Unnamed: 0,PassengerId,Survived,Pclass,Name,Sex,Age,SibSp,Parch,Ticket,Fare,Cabin,Embarked,FirstClass,SecondClass
0,1,0,3,"Braund, Mr. Owen Harris",0,22.0,1,0,A/5 21171,7.25,29.6991,S,0,0
1,2,1,1,"Cumings, Mrs. John Bradley (Florence Briggs Th...",1,38.0,1,0,PC 17599,71.2833,C85,C,1,0
2,3,1,3,"Heikkinen, Miss. Laina",1,26.0,0,0,STON/O2. 3101282,7.925,29.6991,S,0,0
3,4,1,1,"Futrelle, Mrs. Jacques Heath (Lily May Peel)",1,35.0,1,0,113803,53.1,C123,S,1,0
4,5,0,3,"Allen, Mr. William Henry",0,35.0,0,0,373450,8.05,29.6991,S,0,0


In [33]:
# Select the desired features
features = passengers[['Sex', 'Age', 'FirstClass', 'SecondClass']]
survival = passengers[['Survived']]

# Perform train, test, split
X_train, X_test, y_train, y_test = train_test_split(features, survival, test_size = 0.8, random_state = 1314)

## 4. Normalize the Data

In [34]:
# Scale the feature data so it has mean = 0 and standard deviation = 1
scaler = StandardScaler()
X_train = scaler.fit_transform(X_train)
X_test = scaler.fit_transform(X_test)

## 5. Create and Evaluate the Model

In [35]:
# Create and train the model
model = LogisticRegression()
model.fit(X_train, y_train)

# Score the model on the train data
score_train = model.score(X_train, y_train)
print(score_train)

# Score the model on the test data
score_test = model.score(X_test, y_test)
print(score_test)

# Analyze the coefficients
print(list(zip(['Sex','Age','FirstClass','SecondClass'],model.coef_[0])))

0.8146067415730337
0.7798036465638148
[('Sex', 1.4543839141740265), ('Age', -0.12435876534238305), ('FirstClass', 0.8269874621661778), ('SecondClass', 0.4558759089913142)]

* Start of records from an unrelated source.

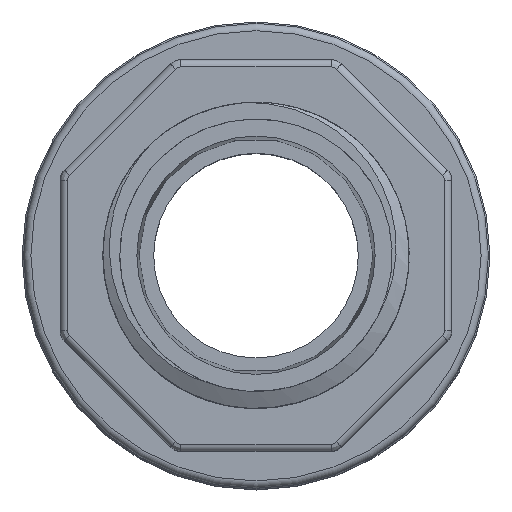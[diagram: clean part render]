
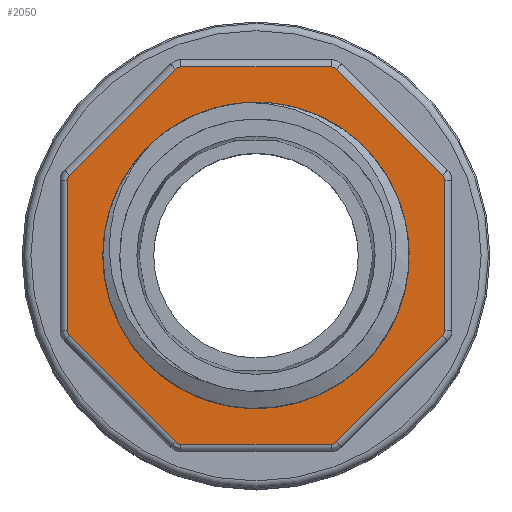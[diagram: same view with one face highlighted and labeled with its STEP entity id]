
A CAD part, top view. The second image highlights one B-rep face of the part: STEP entity #2050.
In plain terms, the highlighted planar face has unit normal (0, 0, 1).
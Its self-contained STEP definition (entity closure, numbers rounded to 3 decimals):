
#258=LINE('',#12538,#579);
#259=LINE('',#12542,#580);
#260=LINE('',#12546,#581);
#261=LINE('',#12550,#582);
#262=LINE('',#12554,#583);
#263=LINE('',#12558,#584);
#264=LINE('',#12562,#585);
#265=LINE('',#12566,#586);
#579=VECTOR('',#6900,1.);
#580=VECTOR('',#6903,1.);
#581=VECTOR('',#6906,1.);
#582=VECTOR('',#6909,1.);
#583=VECTOR('',#6912,1.);
#584=VECTOR('',#6915,1.);
#585=VECTOR('',#6918,1.);
#586=VECTOR('',#6921,1.);
#1007=PLANE('',#6345);
#1648=B_SPLINE_CURVE_WITH_KNOTS('',3,(#12512,#12513,#12514,#12515,#12516,
#12517,#12518,#12519,#12520,#12521),.UNSPECIFIED.,.F.,.F.,(4,2,2,2,4),(0.,
0.25,0.5,0.75,1.),.UNSPECIFIED.);
#1649=B_SPLINE_CURVE_WITH_KNOTS('',3,(#12525,#12526,#12527,#12528,#12529,
#12530,#12531,#12532,#12533,#12534),.UNSPECIFIED.,.F.,.F.,(4,2,2,2,4),(0.,
0.25,0.5,0.75,1.),.UNSPECIFIED.);
#2050=ADVANCED_FACE('',(#2416,#2417),#1007,.F.);
#2416=FACE_BOUND('',#2555,.T.);
#2417=FACE_BOUND('',#2556,.T.);
#2555=EDGE_LOOP('',(#3298,#3299,#3300,#3301));
#2556=EDGE_LOOP('',(#3302,#3303,#3304,#3305,#3306,#3307,#3308,#3309,#3310,
#3311,#3312,#3313,#3314,#3315,#3316,#3317));
#3298=ORIENTED_EDGE('',*,*,#5532,.T.);
#3299=ORIENTED_EDGE('',*,*,#5533,.T.);
#3300=ORIENTED_EDGE('',*,*,#5534,.F.);
#3301=ORIENTED_EDGE('',*,*,#5535,.T.);
#3302=ORIENTED_EDGE('',*,*,#5536,.F.);
#3303=ORIENTED_EDGE('',*,*,#5537,.T.);
#3304=ORIENTED_EDGE('',*,*,#5538,.F.);
#3305=ORIENTED_EDGE('',*,*,#5539,.T.);
#3306=ORIENTED_EDGE('',*,*,#5540,.F.);
#3307=ORIENTED_EDGE('',*,*,#5541,.T.);
#3308=ORIENTED_EDGE('',*,*,#5542,.F.);
#3309=ORIENTED_EDGE('',*,*,#5543,.T.);
#3310=ORIENTED_EDGE('',*,*,#5544,.F.);
#3311=ORIENTED_EDGE('',*,*,#5545,.T.);
#3312=ORIENTED_EDGE('',*,*,#5546,.F.);
#3313=ORIENTED_EDGE('',*,*,#5547,.T.);
#3314=ORIENTED_EDGE('',*,*,#5548,.F.);
#3315=ORIENTED_EDGE('',*,*,#5549,.T.);
#3316=ORIENTED_EDGE('',*,*,#5550,.F.);
#3317=ORIENTED_EDGE('',*,*,#5551,.T.);
#4903=VERTEX_POINT('',#12510);
#4904=VERTEX_POINT('',#12511);
#4905=VERTEX_POINT('',#12522);
#4906=VERTEX_POINT('',#12524);
#4907=VERTEX_POINT('',#12536);
#4908=VERTEX_POINT('',#12537);
#4909=VERTEX_POINT('',#12539);
#4910=VERTEX_POINT('',#12541);
#4911=VERTEX_POINT('',#12543);
#4912=VERTEX_POINT('',#12545);
#4913=VERTEX_POINT('',#12547);
#4914=VERTEX_POINT('',#12549);
#4915=VERTEX_POINT('',#12551);
#4916=VERTEX_POINT('',#12553);
#4917=VERTEX_POINT('',#12555);
#4918=VERTEX_POINT('',#12557);
#4919=VERTEX_POINT('',#12559);
#4920=VERTEX_POINT('',#12561);
#4921=VERTEX_POINT('',#12563);
#4922=VERTEX_POINT('',#12565);
#5532=EDGE_CURVE('',#4903,#4904,#6148,.T.);
#5533=EDGE_CURVE('',#4904,#4905,#1648,.T.);
#5534=EDGE_CURVE('',#4906,#4905,#6149,.T.);
#5535=EDGE_CURVE('',#4906,#4903,#1649,.T.);
#5536=EDGE_CURVE('',#4907,#4908,#6150,.T.);
#5537=EDGE_CURVE('',#4907,#4909,#258,.T.);
#5538=EDGE_CURVE('',#4910,#4909,#6151,.T.);
#5539=EDGE_CURVE('',#4910,#4911,#259,.T.);
#5540=EDGE_CURVE('',#4912,#4911,#6152,.T.);
#5541=EDGE_CURVE('',#4912,#4913,#260,.T.);
#5542=EDGE_CURVE('',#4914,#4913,#6153,.T.);
#5543=EDGE_CURVE('',#4914,#4915,#261,.T.);
#5544=EDGE_CURVE('',#4916,#4915,#6154,.T.);
#5545=EDGE_CURVE('',#4916,#4917,#262,.T.);
#5546=EDGE_CURVE('',#4918,#4917,#6155,.T.);
#5547=EDGE_CURVE('',#4918,#4919,#263,.T.);
#5548=EDGE_CURVE('',#4920,#4919,#6156,.T.);
#5549=EDGE_CURVE('',#4920,#4921,#264,.T.);
#5550=EDGE_CURVE('',#4922,#4921,#6157,.T.);
#5551=EDGE_CURVE('',#4922,#4908,#265,.T.);
#6148=CIRCLE('',#6335,10.478);
#6149=CIRCLE('',#6336,9.316);
#6150=CIRCLE('',#6337,0.5);
#6151=CIRCLE('',#6338,0.5);
#6152=CIRCLE('',#6339,0.5);
#6153=CIRCLE('',#6340,0.5);
#6154=CIRCLE('',#6341,0.5);
#6155=CIRCLE('',#6342,0.5);
#6156=CIRCLE('',#6343,0.5);
#6157=CIRCLE('',#6344,0.5);
#6335=AXIS2_PLACEMENT_3D('',#12509,#6894,#6895);
#6336=AXIS2_PLACEMENT_3D('',#12523,#6896,#6897);
#6337=AXIS2_PLACEMENT_3D('',#12535,#6898,#6899);
#6338=AXIS2_PLACEMENT_3D('',#12540,#6901,#6902);
#6339=AXIS2_PLACEMENT_3D('',#12544,#6904,#6905);
#6340=AXIS2_PLACEMENT_3D('',#12548,#6907,#6908);
#6341=AXIS2_PLACEMENT_3D('',#12552,#6910,#6911);
#6342=AXIS2_PLACEMENT_3D('',#12556,#6913,#6914);
#6343=AXIS2_PLACEMENT_3D('',#12560,#6916,#6917);
#6344=AXIS2_PLACEMENT_3D('',#12564,#6919,#6920);
#6345=AXIS2_PLACEMENT_3D('',#12567,#6922,#6923);
#6894=DIRECTION('',(0.,0.,-1.));
#6895=DIRECTION('',(1.,0.,0.));
#6896=DIRECTION('',(0.,0.,1.));
#6897=DIRECTION('',(1.,0.,0.));
#6898=DIRECTION('',(0.,0.,-1.));
#6899=DIRECTION('',(-1.,0.,0.));
#6900=DIRECTION('',(1.,0.,0.));
#6901=DIRECTION('',(0.,0.,-1.));
#6902=DIRECTION('',(-1.,0.,0.));
#6903=DIRECTION('',(0.707,0.707,0.));
#6904=DIRECTION('',(0.,0.,-1.));
#6905=DIRECTION('',(-1.,0.,0.));
#6906=DIRECTION('',(0.,1.,0.));
#6907=DIRECTION('',(0.,0.,-1.));
#6908=DIRECTION('',(-1.,0.,0.));
#6909=DIRECTION('',(-0.707,0.707,0.));
#6910=DIRECTION('',(0.,0.,-1.));
#6911=DIRECTION('',(-1.,0.,0.));
#6912=DIRECTION('',(-1.,0.,0.));
#6913=DIRECTION('',(0.,0.,-1.));
#6914=DIRECTION('',(-1.,0.,0.));
#6915=DIRECTION('',(-0.707,-0.707,0.));
#6916=DIRECTION('',(0.,0.,-1.));
#6917=DIRECTION('',(-1.,0.,0.));
#6918=DIRECTION('',(0.,-1.,0.));
#6919=DIRECTION('',(0.,0.,-1.));
#6920=DIRECTION('',(-1.,0.,0.));
#6921=DIRECTION('',(0.707,-0.707,0.));
#6922=DIRECTION('',(0.,0.,-1.));
#6923=DIRECTION('',(-1.,0.,0.));
#12509=CARTESIAN_POINT('',(0.,-474.506,31.7));
#12510=CARTESIAN_POINT('',(1.457,-484.882,31.7));
#12511=CARTESIAN_POINT('',(-5.43,-483.467,31.7));
#12512=CARTESIAN_POINT('',(-5.43,-483.467,31.7));
#12513=CARTESIAN_POINT('',(-6.869,-482.487,31.7));
#12514=CARTESIAN_POINT('',(-8.046,-481.153,31.7));
#12515=CARTESIAN_POINT('',(-9.609,-478.079,31.7));
#12516=CARTESIAN_POINT('',(-9.994,-476.328,31.7));
#12517=CARTESIAN_POINT('',(-9.832,-472.865,31.7));
#12518=CARTESIAN_POINT('',(-9.288,-471.165,31.7));
#12519=CARTESIAN_POINT('',(-7.402,-468.276,31.7));
#12520=CARTESIAN_POINT('',(-6.058,-467.086,31.7));
#12521=CARTESIAN_POINT('',(-4.479,-466.338,31.7));
#12522=CARTESIAN_POINT('',(-4.479,-466.338,31.7));
#12523=CARTESIAN_POINT('',(0.,-474.506,31.7));
#12524=CARTESIAN_POINT('',(7.337,-468.766,31.7));
#12525=CARTESIAN_POINT('',(7.337,-468.766,31.7));
#12526=CARTESIAN_POINT('',(8.491,-470.073,31.7));
#12527=CARTESIAN_POINT('',(9.254,-471.685,31.7));
#12528=CARTESIAN_POINT('',(9.853,-475.085,31.7));
#12529=CARTESIAN_POINT('',(9.68,-476.881,31.7));
#12530=CARTESIAN_POINT('',(8.469,-480.113,31.7));
#12531=CARTESIAN_POINT('',(7.436,-481.564,31.7));
#12532=CARTESIAN_POINT('',(4.775,-483.788,31.7));
#12533=CARTESIAN_POINT('',(3.168,-484.549,31.7));
#12534=CARTESIAN_POINT('',(1.457,-484.882,31.7));
#12535=CARTESIAN_POINT('',(-5.136,-486.906,31.7));
#12536=CARTESIAN_POINT('',(-5.136,-487.406,31.7));
#12537=CARTESIAN_POINT('',(-5.49,-487.26,31.7));
#12538=CARTESIAN_POINT('',(-9.475,-487.406,31.7));
#12539=CARTESIAN_POINT('',(5.136,-487.406,31.7));
#12540=CARTESIAN_POINT('',(5.136,-486.906,31.7));
#12541=CARTESIAN_POINT('',(5.49,-487.26,31.7));
#12542=CARTESIAN_POINT('',(9.122,-483.628,31.7));
#12543=CARTESIAN_POINT('',(12.754,-479.996,31.7));
#12544=CARTESIAN_POINT('',(12.4,-479.643,31.7));
#12545=CARTESIAN_POINT('',(12.9,-479.643,31.7));
#12546=CARTESIAN_POINT('',(12.9,-465.031,31.7));
#12547=CARTESIAN_POINT('',(12.9,-469.37,31.7));
#12548=CARTESIAN_POINT('',(12.4,-469.37,31.7));
#12549=CARTESIAN_POINT('',(12.754,-469.016,31.7));
#12550=CARTESIAN_POINT('',(-0.354,-455.909,31.7));
#12551=CARTESIAN_POINT('',(5.49,-461.753,31.7));
#12552=CARTESIAN_POINT('',(5.136,-462.106,31.7));
#12553=CARTESIAN_POINT('',(5.136,-461.606,31.7));
#12554=CARTESIAN_POINT('',(-9.475,-461.606,31.7));
#12555=CARTESIAN_POINT('',(-5.136,-461.606,31.7));
#12556=CARTESIAN_POINT('',(-5.136,-462.106,31.7));
#12557=CARTESIAN_POINT('',(-5.49,-461.753,31.7));
#12558=CARTESIAN_POINT('',(-9.122,-465.385,31.7));
#12559=CARTESIAN_POINT('',(-12.754,-469.016,31.7));
#12560=CARTESIAN_POINT('',(-12.4,-469.37,31.7));
#12561=CARTESIAN_POINT('',(-12.9,-469.37,31.7));
#12562=CARTESIAN_POINT('',(-12.9,-465.031,31.7));
#12563=CARTESIAN_POINT('',(-12.9,-479.643,31.7));
#12564=CARTESIAN_POINT('',(-12.4,-479.643,31.7));
#12565=CARTESIAN_POINT('',(-12.754,-479.996,31.7));
#12566=CARTESIAN_POINT('',(-18.597,-474.153,31.7));
#12567=CARTESIAN_POINT('',(-9.475,-465.031,31.7));

Sex and age are teh most important features in predicting survival on the sinking of the Titanic.

## 6. Predict with the Model

In [36]:
# Sample passenger features
Jack = np.array([0.0,20.0,0.0,0.0])
Rose = np.array([1.0,17.0,1.0,0.0])
Someone = np.array([0.0,25,0.0,2.0])

# Combine passenger arrays
sample_passengers = np.array([Jack, Rose, Someone])

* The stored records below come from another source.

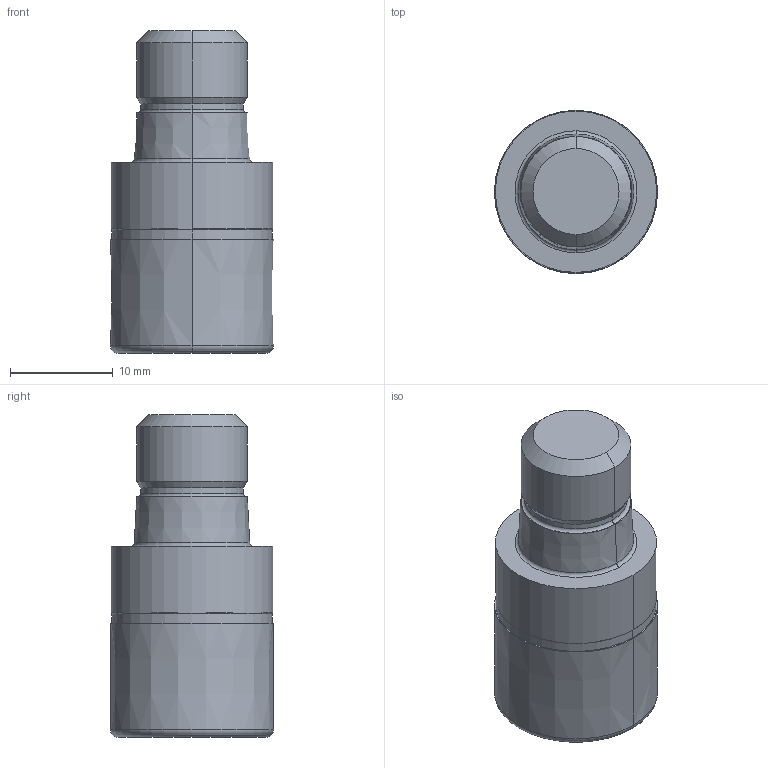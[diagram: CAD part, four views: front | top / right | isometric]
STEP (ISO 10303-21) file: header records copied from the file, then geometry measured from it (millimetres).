
FILE_DESCRIPTION(('no description'),'unknown implementation level');
FILE_NAME('solidQpG15O7fzvODTaLlNvxli7hEsJw_1.STP',' ',('CIMSOURCE GmbH'),('CADClick - KiM GmbH - www.kimweb.de'),'unknown preprocess','ACIS','unknown authorization');
FILE_SCHEMA(('automotive_design'));
Length unit declared in the file: millimetre
Products named in the file (2): 1; 2
Bounding box: 15.88 x 15.88 x 31.4 mm (x, y, z)
Volume: 4786.7 mm3; surface area: 2107 mm2
Topology: 2 solids, 2 shells, 35 faces, 70 edges, 40 vertices
Faces by surface type: cone 14, cylinder 8, plane 7, torus 6
Entity records: 1763 total; most frequent: DIRECTION 192, CARTESIAN_POINT 147, STYLED_ITEM 143, PRESENTATION_STYLE_ASSIGNMENT 143, COLOUR_RGB 143, ORIENTED_EDGE 132, AXIS2_PLACEMENT_3D 85, EDGE_CURVE 66
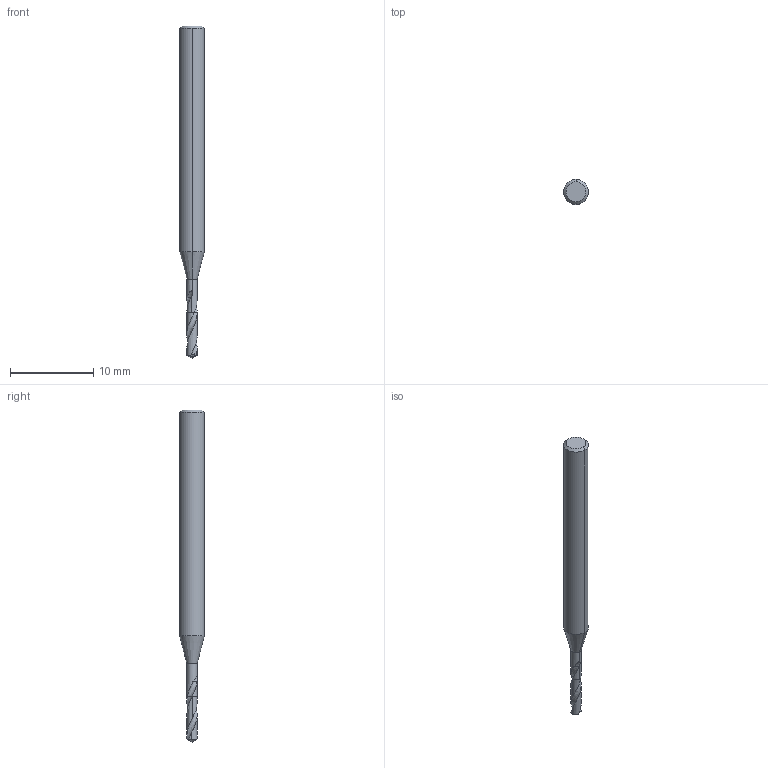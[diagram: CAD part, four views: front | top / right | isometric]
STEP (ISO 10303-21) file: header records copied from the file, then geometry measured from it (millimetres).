
FILE_DESCRIPTION(('no description'),'unknown implementation level');
FILE_NAME('solidahKHcZkX87oo3FP6ejRwEnnC2PA_1.STP',' ',('CIM GmbH Aachen'),('CADClick - KiM GmbH - www.kimweb.de'),'unknown preprocess','ACIS','unknown authorization');
FILE_SCHEMA(('automotive_design'));
Length unit declared in the file: millimetre
Products named in the file (2): 1; 2
Bounding box: 3 x 3 x 40 mm (x, y, z)
Volume: 213.3 mm3; surface area: 326.2 mm2
Topology: 2 solids, 2 shells, 56 faces, 149 edges, 93 vertices
Faces by surface type: cone 18, plane 18, cylinder 14, bspline 4, revolution 2
Entity records: 5975 total; most frequent: CARTESIAN_POINT 3033, STYLED_ITEM 296, PRESENTATION_STYLE_ASSIGNMENT 296, COLOUR_RGB 296, ORIENTED_EDGE 290, DIRECTION 223, EDGE_CURVE 145, CURVE_STYLE 145

# Scale the sample passenger features
sample_passengers = scaler.fit_transform(sample_passengers)
print(sample_passengers)

# Make survival predictions!
predictions = model.predict(sample_passengers)
print(predictions)

predic_proba = model.predict_proba(sample_passengers)
print(predic_proba)

[[-0.70710678 -0.20203051 -0.70710678 -0.70710678]
 [ 1.41421356 -1.1111678   1.41421356 -0.70710678]
 [-0.70710678  1.31319831 -0.70710678  1.41421356]]
[0 1 0]
[[0.92087625 0.07912375]
 [0.07597982 0.92402018]
 [0.8423324  0.1576676 ]]


Only Rose survived the sinking of Titanic.